2008-01-10 Thread Neil Brown
On Thursday January 10, [EMAIL PROTECTED] wrote:
 On Wed, Jan 09, 2008 at 07:16:34PM +1100, CaT wrote:
   But I suspect that --assemble --force would do the right thing.
   Without more details, it is hard to say for sure.
  
  I suspect so aswell but throwing caution into the wind erks me wrt this
  raid array. :)
 
 Sorry. Not to be a pain but considering the previous email with all the
 examine dumps, etc would the above be the way to go? I just don't want
 to have missed something and bugger the array up totally.

Yes, definitely.

The superblocks look perfectly normal for a single drive failure
followed by a crash.  So --assemble --force is the way to go.

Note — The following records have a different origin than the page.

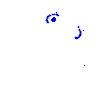
Particle: electron
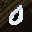
Label: 0
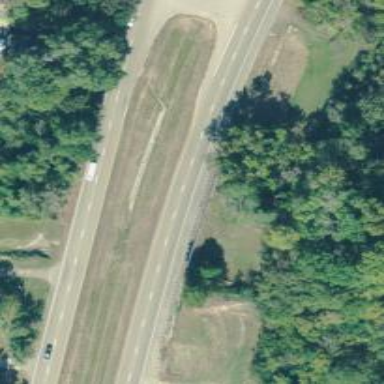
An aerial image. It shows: Trunk highway with expressway features.
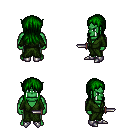
a pixel art fantasy rpg character, male body template, orc, green skin, green robe, teal pants, green unkempt hairstyle, metal boots, dagger, four views (front, back, left, right), 2x2 character sprite sheet, small pixel art, hard edges, no anti-aliasing

Technically you could have some data corruption if a write was under
way at the time of the crash.  In that case the parity block of that
stripe could be wrong, so the recovered data for the missing device
could be wrong.
This is why you are required to use --force - to confirm that you
are aware that there could be a problem.

It would be worth running fsck just to be sure that nothing critical
has been corrupted.  Also if you have a recent backup, I wouldn't
recycle it until I was fairly sure that all your data was really safe.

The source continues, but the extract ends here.